WHAT IS REQUIRED: Gather all lines in the records below that include the word "font".

** Opening MATERIAL FOR THIS EXERCISE block **

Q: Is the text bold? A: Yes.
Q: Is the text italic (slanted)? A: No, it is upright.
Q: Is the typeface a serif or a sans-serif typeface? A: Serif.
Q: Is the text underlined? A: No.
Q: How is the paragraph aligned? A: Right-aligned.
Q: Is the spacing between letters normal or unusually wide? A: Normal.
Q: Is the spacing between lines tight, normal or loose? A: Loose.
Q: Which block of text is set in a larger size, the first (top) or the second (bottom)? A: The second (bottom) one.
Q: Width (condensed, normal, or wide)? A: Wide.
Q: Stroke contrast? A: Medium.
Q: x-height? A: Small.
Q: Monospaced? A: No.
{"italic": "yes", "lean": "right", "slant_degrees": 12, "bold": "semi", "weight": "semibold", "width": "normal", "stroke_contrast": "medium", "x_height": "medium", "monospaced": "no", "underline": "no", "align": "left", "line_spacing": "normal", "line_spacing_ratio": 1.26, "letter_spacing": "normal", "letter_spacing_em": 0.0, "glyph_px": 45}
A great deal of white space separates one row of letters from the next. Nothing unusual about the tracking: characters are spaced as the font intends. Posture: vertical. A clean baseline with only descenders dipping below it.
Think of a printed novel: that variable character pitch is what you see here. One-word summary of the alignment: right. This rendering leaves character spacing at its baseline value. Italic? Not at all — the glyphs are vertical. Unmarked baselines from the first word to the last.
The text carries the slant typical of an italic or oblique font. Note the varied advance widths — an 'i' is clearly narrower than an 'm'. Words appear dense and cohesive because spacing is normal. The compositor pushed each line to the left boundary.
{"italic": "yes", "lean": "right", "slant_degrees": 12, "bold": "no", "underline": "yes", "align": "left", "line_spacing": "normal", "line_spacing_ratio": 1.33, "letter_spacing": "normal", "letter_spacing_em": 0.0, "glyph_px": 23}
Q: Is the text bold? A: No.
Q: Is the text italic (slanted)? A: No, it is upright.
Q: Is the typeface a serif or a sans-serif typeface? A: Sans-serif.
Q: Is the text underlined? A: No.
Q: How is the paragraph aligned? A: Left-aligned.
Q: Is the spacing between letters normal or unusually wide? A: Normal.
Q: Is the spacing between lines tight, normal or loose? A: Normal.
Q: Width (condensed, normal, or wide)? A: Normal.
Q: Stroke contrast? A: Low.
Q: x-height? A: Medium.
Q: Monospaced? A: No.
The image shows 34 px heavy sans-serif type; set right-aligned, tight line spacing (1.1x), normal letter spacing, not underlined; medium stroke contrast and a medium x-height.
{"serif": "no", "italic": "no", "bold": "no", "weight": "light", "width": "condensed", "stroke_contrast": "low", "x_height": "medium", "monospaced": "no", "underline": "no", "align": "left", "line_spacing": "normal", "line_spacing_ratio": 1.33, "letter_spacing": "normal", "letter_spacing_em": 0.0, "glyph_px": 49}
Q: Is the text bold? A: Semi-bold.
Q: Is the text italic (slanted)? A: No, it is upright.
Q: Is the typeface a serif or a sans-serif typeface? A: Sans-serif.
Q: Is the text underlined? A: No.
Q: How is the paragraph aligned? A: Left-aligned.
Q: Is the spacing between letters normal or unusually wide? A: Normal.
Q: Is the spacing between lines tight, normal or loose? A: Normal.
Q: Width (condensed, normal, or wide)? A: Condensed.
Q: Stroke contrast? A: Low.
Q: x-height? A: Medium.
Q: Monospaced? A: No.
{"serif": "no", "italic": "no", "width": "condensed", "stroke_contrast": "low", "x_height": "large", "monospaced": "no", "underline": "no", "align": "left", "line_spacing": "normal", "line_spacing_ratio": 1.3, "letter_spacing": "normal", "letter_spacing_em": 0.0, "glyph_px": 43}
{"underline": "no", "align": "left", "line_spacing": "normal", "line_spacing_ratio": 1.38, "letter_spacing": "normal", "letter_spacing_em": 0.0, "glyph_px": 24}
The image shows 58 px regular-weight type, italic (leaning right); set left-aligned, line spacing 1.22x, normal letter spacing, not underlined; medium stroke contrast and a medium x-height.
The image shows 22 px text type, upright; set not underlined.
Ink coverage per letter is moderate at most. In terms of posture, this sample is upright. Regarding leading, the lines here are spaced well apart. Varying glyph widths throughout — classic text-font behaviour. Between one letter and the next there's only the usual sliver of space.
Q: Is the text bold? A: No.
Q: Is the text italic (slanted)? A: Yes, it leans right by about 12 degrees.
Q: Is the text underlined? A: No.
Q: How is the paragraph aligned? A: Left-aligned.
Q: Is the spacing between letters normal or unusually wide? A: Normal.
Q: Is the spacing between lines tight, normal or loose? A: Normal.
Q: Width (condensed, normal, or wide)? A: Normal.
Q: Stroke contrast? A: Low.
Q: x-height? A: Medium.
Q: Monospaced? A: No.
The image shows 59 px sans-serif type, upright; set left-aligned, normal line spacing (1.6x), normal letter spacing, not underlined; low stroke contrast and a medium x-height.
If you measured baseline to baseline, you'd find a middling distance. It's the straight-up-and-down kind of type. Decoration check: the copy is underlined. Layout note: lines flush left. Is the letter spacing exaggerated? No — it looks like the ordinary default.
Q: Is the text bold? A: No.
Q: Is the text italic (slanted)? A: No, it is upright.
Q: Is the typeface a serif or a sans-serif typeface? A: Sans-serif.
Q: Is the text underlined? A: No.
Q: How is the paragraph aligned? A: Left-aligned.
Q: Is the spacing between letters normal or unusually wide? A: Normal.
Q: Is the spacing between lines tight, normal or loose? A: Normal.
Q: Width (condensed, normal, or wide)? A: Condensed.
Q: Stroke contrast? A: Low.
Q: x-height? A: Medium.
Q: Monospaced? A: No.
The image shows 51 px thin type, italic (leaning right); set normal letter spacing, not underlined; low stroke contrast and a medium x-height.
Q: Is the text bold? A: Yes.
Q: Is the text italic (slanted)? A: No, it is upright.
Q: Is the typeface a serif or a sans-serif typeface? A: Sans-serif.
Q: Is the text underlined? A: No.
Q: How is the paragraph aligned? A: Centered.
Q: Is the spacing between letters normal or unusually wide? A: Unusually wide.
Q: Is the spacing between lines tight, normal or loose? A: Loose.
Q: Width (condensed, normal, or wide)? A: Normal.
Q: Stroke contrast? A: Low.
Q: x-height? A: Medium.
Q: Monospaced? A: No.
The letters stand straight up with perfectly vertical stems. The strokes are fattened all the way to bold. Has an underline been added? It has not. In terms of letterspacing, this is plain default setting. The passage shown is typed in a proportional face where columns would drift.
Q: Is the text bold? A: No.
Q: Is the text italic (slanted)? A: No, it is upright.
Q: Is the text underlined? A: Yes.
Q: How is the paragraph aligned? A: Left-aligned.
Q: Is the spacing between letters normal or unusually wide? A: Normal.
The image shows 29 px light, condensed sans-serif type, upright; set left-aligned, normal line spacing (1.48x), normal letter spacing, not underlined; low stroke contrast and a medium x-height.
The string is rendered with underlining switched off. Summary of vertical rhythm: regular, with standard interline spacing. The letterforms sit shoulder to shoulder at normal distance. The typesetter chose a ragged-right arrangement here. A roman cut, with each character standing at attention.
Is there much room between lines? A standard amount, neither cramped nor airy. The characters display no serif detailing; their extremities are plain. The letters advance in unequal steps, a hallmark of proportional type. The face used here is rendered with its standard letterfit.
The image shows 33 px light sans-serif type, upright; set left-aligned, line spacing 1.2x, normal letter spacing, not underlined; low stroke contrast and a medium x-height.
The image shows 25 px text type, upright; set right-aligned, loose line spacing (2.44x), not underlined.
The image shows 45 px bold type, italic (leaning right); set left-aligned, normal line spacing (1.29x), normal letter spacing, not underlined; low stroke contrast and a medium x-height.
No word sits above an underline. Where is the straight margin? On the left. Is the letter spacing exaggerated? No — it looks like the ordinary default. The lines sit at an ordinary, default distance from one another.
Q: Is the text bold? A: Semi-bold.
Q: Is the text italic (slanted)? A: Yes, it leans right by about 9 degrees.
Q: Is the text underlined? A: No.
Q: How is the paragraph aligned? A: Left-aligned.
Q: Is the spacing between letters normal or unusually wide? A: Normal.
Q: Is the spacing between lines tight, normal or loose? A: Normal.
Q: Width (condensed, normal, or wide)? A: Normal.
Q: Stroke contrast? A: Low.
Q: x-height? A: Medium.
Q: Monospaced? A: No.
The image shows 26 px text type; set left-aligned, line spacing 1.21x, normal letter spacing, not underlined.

** Closing MATERIAL FOR THIS EXERCISE block **

ANSWER FOR THE TASK:
A great deal of white space separates one row of letters from the next. Nothing unusual about the tracking: characters are spaced as the font intends. Posture: vertical. A clean baseline with only descenders dipping below it.
The text carries the slant typical of an italic or oblique font. Note the varied advance widths — an 'i' is clearly narrower than an 'm'. Words appear dense and cohesive because spacing is normal. The compositor pushed each line to the left boundary.
Ink coverage per letter is moderate at most. In terms of posture, this sample is upright. Regarding leading, the lines here are spaced well apart. Varying glyph widths throughout — classic text-font behaviour. Between one letter and the next there's only the usual sliver of space.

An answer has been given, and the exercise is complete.